__Exercise goal__:
Would you please transcribe the records below from the line with "90, 2000, né?" through their final line, exactly and with no other lines?

*** Opening Information provided ***

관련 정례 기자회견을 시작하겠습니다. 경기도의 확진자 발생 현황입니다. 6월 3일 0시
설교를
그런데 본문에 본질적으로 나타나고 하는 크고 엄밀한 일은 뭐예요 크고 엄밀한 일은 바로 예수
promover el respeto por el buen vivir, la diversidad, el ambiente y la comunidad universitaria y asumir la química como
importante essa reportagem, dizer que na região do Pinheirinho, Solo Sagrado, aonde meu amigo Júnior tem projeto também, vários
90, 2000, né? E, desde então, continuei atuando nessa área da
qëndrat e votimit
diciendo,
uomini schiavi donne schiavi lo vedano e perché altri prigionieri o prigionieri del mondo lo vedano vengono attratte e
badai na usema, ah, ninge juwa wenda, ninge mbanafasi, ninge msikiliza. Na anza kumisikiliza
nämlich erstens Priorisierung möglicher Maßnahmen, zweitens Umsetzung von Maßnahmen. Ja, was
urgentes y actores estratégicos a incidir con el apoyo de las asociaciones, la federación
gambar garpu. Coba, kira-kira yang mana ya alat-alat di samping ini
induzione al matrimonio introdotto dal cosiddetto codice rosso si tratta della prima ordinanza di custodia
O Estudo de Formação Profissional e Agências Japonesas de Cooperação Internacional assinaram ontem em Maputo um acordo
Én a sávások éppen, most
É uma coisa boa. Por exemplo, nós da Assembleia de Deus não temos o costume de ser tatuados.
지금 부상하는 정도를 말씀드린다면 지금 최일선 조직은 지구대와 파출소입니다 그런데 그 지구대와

*** Closing Information provided ***

__Your solution__:
90, 2000, né? E, desde então, continuei atuando nessa área da
qëndrat e votimit
diciendo,
uomini schiavi donne schiavi lo vedano e perché altri prigionieri o prigionieri del mondo lo vedano vengono attratte e
badai na usema, ah, ninge juwa wenda, ninge mbanafasi, ninge msikiliza. Na anza kumisikiliza
nämlich erstens Priorisierung möglicher Maßnahmen, zweitens Umsetzung von Maßnahmen. Ja, was
urgentes y actores estratégicos a incidir con el apoyo de las asociaciones, la federación
gambar garpu. Coba, kira-kira yang mana ya alat-alat di samping ini
induzione al matrimonio introdotto dal cosiddetto codice rosso si tratta della prima ordinanza di custodia
O Estudo de Formação Profissional e Agências Japonesas de Cooperação Internacional assinaram ontem em Maputo um acordo
Én a sávások éppen, most
É uma coisa boa. Por exemplo, nós da Assembleia de Deus não temos o costume de ser tatuados.
지금 부상하는 정도를 말씀드린다면 지금 최일선 조직은 지구대와 파출소입니다 그런데 그 지구대와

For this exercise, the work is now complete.